In 1942, his friend and philosophical colleague Edith Stein was killed in Auschwitz. In 1945, his fellow Jesuit and colleague at Stimmen der Zeit Alfred Delp was executed for treason, as was his friend Karl Barth's student Dietrich Bonhoeffer. In the words of Thomas O’Meara, "The priest who had appeared to possess energy without limits became anxious, incapable of work, and erratic, a condition only heightened by the opinions of others that it was partly psycho-somatic, exaggerated, or easily remedied."

Though ousted from his familiar position and unable to write and publish, he continued to be active, as he was commissioned by Cardinal Faulhaber with the pastoral care of elderly academics in Munich. He also gave regular lectures in the old Bürgersaalkirche and conducted small seminars in private residences on such topics as Hölderlin, Nietzsche, and Rilke. His health, though, continued to decline, leading to multiple interventions by his erstwhile student and lifelong friend Hans Urs von Balthasar, who in 1947 brought him to Switzerland for the purposes of convalescence. Balthasar's long-term plans to work with and care for his teacher in Switzerland ultimately failed, however. Przywara returned to Munich and in 1950 retired from community religious life to live in the country in a little village called Hagen, near Murnau. Between 1949 and 1955 he briefly returned to the public spotlight, giving a series of radio talks for the Südwestrundfunk Rundfunk, some of which were later published. During this time he also published some of his wartime manuscripts and lectures, and in the last years of his life he authored a number of new works. He died in 1972 and was interred at the Jesuit cemetery in Pullach.
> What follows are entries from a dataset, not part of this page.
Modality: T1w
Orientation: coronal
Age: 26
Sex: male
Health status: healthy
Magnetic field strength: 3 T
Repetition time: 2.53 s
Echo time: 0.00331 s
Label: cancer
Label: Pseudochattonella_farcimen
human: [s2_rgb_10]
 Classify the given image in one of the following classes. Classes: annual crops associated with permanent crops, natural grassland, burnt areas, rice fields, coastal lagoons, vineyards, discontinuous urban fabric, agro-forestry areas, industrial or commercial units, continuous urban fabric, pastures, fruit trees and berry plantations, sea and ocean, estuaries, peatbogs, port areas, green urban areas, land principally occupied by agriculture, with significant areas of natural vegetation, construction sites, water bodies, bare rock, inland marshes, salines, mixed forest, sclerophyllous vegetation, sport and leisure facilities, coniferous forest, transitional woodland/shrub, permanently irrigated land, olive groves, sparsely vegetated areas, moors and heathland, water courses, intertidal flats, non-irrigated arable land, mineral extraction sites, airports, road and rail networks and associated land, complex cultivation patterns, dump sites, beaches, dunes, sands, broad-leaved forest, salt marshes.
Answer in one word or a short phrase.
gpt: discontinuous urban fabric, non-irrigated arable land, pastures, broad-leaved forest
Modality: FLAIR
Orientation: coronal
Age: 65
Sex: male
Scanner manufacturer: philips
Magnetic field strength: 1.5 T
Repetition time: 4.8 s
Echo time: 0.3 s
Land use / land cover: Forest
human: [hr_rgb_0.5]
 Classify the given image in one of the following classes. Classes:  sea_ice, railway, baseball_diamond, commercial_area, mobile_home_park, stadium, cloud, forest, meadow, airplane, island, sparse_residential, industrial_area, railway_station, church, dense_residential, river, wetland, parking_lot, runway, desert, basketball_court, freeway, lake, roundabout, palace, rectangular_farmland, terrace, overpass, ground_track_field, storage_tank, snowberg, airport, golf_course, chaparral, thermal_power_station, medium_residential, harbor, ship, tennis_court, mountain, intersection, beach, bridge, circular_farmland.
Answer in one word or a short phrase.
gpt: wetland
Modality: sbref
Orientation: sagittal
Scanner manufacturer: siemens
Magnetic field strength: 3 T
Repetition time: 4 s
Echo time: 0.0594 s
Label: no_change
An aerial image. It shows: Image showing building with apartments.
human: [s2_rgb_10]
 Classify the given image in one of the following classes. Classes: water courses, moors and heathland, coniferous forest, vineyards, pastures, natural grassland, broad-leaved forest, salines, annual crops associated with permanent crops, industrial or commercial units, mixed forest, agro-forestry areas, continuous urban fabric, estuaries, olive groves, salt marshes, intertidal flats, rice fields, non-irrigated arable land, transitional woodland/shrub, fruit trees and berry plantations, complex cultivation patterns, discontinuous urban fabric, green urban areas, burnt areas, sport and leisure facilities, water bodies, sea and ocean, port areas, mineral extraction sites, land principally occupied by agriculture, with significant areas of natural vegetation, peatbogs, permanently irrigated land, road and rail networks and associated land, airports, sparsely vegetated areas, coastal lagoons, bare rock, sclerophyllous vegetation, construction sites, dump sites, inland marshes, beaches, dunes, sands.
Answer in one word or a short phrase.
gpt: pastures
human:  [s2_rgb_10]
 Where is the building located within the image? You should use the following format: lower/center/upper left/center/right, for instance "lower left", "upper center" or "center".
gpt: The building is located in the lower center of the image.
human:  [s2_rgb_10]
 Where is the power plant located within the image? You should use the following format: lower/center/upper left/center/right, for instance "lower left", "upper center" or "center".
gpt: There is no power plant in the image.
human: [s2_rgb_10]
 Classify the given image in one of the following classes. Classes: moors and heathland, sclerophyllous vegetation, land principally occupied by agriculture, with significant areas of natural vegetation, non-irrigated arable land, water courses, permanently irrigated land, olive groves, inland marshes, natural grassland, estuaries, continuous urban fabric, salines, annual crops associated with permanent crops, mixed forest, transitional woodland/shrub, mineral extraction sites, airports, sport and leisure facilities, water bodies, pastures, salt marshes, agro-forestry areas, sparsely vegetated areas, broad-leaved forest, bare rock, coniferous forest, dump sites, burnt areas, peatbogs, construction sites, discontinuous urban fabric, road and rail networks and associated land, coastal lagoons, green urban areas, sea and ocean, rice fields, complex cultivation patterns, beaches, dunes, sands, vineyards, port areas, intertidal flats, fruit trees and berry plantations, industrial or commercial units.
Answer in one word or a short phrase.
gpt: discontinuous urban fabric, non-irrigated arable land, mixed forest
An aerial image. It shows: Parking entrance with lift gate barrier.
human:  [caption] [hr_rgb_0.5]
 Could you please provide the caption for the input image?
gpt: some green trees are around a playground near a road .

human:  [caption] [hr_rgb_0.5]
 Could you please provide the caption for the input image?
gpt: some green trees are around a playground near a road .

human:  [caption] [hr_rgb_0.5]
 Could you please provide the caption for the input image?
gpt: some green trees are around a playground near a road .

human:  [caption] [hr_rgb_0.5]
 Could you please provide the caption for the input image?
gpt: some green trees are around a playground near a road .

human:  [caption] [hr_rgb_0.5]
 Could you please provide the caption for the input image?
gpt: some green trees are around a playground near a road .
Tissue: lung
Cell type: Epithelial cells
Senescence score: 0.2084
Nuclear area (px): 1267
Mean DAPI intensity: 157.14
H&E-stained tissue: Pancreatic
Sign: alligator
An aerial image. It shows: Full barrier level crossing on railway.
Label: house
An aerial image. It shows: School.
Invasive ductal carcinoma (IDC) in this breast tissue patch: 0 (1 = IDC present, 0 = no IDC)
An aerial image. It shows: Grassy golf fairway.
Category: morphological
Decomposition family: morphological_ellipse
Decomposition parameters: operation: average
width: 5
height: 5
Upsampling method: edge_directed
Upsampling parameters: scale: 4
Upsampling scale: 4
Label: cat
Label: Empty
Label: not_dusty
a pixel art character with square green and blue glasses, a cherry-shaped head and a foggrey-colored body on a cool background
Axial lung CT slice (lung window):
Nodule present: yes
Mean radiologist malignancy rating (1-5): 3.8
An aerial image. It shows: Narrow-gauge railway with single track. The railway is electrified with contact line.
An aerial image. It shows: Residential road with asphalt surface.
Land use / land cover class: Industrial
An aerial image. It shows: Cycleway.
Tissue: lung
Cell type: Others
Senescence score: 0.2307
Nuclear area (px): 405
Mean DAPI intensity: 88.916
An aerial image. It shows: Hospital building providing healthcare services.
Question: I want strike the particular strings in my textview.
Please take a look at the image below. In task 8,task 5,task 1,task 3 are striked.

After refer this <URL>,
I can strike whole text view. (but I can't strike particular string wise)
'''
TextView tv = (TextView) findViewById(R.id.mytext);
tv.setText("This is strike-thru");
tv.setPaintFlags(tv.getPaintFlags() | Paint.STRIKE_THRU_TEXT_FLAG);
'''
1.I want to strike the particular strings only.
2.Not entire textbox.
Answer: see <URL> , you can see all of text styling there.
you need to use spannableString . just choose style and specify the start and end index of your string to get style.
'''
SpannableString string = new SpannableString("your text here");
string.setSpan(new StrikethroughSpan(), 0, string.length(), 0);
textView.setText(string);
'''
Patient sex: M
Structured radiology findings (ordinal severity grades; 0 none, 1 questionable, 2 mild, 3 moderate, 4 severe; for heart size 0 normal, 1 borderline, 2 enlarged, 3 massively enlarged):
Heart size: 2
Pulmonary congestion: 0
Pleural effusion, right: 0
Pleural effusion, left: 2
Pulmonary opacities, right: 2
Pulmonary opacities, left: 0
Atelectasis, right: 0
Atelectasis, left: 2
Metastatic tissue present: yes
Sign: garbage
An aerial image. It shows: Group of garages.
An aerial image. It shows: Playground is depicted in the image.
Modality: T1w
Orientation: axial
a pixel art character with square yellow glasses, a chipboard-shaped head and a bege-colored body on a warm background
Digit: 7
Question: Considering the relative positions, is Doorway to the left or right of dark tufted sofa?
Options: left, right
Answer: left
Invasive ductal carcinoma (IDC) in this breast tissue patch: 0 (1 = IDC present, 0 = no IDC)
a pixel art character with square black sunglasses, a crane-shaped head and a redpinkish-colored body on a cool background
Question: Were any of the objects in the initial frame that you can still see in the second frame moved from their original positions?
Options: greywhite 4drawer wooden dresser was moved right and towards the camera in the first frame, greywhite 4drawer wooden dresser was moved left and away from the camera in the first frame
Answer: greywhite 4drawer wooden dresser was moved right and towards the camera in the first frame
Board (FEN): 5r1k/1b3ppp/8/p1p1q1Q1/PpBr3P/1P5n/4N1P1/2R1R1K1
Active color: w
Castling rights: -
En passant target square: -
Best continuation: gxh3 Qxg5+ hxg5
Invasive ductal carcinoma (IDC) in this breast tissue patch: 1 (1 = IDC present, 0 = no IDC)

==Early theological inspiration==
While the concept of the analogy of being is not original to Przywara (having originated in the schools of the Catholic orders), with Przywara the concept undergoes a dramatic enrichment that is fed, on the one hand, by his love of "music as form" and by his early readings of Augustine, Dionysius the Areopagite, Thomas Aquinas, and John Henry Newman.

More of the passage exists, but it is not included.